L’Union européenne a présenté ce 5 juin une évolution significative de sa méthode d’élargissement, spécifiquement destinée aux pays des Balkans occidentaux. Cette annonce, faite par la commissaire européenne chargée de l’Élargissement, Annalisa Cappellini, marque un changement dans l’approche de Bruxelles vis-à-vis de candidats comme l’Albanie, la Bosnie-Herzégovine, le Kosovo, le Monténégro, la Macédoine du Nord et la Serbie.
Un processus recentré sur les réformes tangibles
La nouvelle procédure entend rompre avec la logique antérieure, souvent perçue comme trop lente et politique. Désormais, l’accent est mis sur l’avancement concret des réformes dans des domaines clefs tels que l’état de droit, la lutte contre la corruption et l’indépendance de la justice. Le principe général consiste à conditionner l’ouverture et la progression des chapitres de négociation à des progrès vérifiables et irréversibles de la part des États candidats.

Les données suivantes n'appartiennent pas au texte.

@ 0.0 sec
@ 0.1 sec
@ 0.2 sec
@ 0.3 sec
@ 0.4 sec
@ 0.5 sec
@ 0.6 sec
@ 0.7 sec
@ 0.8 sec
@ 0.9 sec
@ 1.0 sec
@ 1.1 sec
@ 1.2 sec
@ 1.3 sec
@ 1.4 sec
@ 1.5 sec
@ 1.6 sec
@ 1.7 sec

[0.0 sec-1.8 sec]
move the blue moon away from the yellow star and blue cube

Annalisa Cappellini a souligné que ce changement vise à redonner de la crédibilité au processus d’adhésion, tant du côté des candidats que des États membres. « Il ne s’agit pas de rendre l’adhésion plus difficile, mais de la rendre plus crédible et plus prévisible », a-t-elle déclaré.
Un système de « clusters » et de réversibilité
Concrètement, les négociations d’adhésion seront organisées autour de six grands ensembles thématiques, appelés « clusters ». Chaque cluster regroupe plusieurs chapitres liés. L’ouverture d’un cluster ne pourra intervenir qu’après la satisfaction de critères préalables stricts. Plus notable encore, Bruxelles introduit un mécanisme de réversibilité : si un pays candidat régresse sur les réformes, l’Union européenne pourra suspendre les négociations sur certains chapitres, voire sur l’ensemble du processus.

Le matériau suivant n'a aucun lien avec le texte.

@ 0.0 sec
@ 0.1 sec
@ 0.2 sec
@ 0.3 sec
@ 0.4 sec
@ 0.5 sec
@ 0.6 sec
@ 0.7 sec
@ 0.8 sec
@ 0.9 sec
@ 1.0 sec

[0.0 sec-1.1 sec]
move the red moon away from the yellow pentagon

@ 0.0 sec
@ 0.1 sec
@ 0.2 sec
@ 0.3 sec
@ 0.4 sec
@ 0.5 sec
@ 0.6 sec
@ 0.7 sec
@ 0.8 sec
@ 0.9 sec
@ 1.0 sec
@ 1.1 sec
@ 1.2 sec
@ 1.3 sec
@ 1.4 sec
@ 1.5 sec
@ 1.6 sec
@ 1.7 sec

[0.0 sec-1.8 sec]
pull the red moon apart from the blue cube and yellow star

Cette disposition, inédite dans l’histoire de l’élargissement, répond aux critiques récurrentes sur l’absence de sanctions en cas de dérive autoritaire ou de recul démocratique une fois les négociations engagées.

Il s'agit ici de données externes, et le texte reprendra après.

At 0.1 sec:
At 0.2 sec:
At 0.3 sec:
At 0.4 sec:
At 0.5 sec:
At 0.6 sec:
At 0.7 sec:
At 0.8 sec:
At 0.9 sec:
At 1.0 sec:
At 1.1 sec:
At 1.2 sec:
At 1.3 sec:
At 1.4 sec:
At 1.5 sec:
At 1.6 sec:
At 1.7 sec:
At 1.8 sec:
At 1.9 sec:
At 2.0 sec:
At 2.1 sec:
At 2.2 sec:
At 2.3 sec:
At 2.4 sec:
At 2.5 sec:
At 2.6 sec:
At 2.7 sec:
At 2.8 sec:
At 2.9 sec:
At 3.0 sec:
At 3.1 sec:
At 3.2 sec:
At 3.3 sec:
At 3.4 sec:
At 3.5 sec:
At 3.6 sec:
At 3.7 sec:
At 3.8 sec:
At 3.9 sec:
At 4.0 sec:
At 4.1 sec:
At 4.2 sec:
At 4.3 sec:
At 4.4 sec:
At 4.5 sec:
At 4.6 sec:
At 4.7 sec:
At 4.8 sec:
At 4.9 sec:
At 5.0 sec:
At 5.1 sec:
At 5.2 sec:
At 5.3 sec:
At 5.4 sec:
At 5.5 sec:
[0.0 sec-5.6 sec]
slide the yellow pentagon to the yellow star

Des leviers financiers renforcés
Parallèlement à ces évolutions procédurales, l’Union européenne prévoit d’accroître l’assistance financière et technique aux Balkans. Des fonds supplémentaires seront débloqués pour accompagner les réformes économiques et institutionnelles. Un accent particulier sera mis sur le développement des infrastructures et la connectivité régionale, dans l’objectif de préparer les économies des Balkans à intégrer le marché unique européen.
Annalisa Cappellini a également insisté sur la nécessité d’une « intégration progressive » : les bénéfices de l’adhésion – accès à certains programmes européens, participation à des politiques sectorielles, facilitation des échanges – pourront être accordés de manière anticipée et échelonnée, en récompense des progrès accomplis.
Un contexte géopolitique tendu
Cette réforme intervient dans un contexte géopolitique marqué par la guerre en Ukraine et la volonté de l’Union européenne de sécuriser ses frontières et d’ancrer durablement les Balkans occidentaux dans son orbite, face aux influences russes et chinoises croissantes dans la région. La méthode précédente, en vigueur depuis 2014, était jugée inefficace : plusieurs pays stagnaient depuis des années dans le processus sans avancée significative.
Les réactions des capitales des Balkans sont pour l’instant mesurées. Si les dirigeants saluent l’annonce d’une relance du processus, certains redoutent que le nouveau système, plus exigeant, ne prolonge encore les délais d’adhésion. À Bruxelles, on assure que l’objectif est précisément inverse : offrir un cadre plus dynamique et plus transparent pour sortir de l’enlisement.
La mise en œuvre de cette nouvelle méthode sera examinée lors du prochain Conseil européen, où les Vingt-Sept devront se prononcer sur son adoption formelle.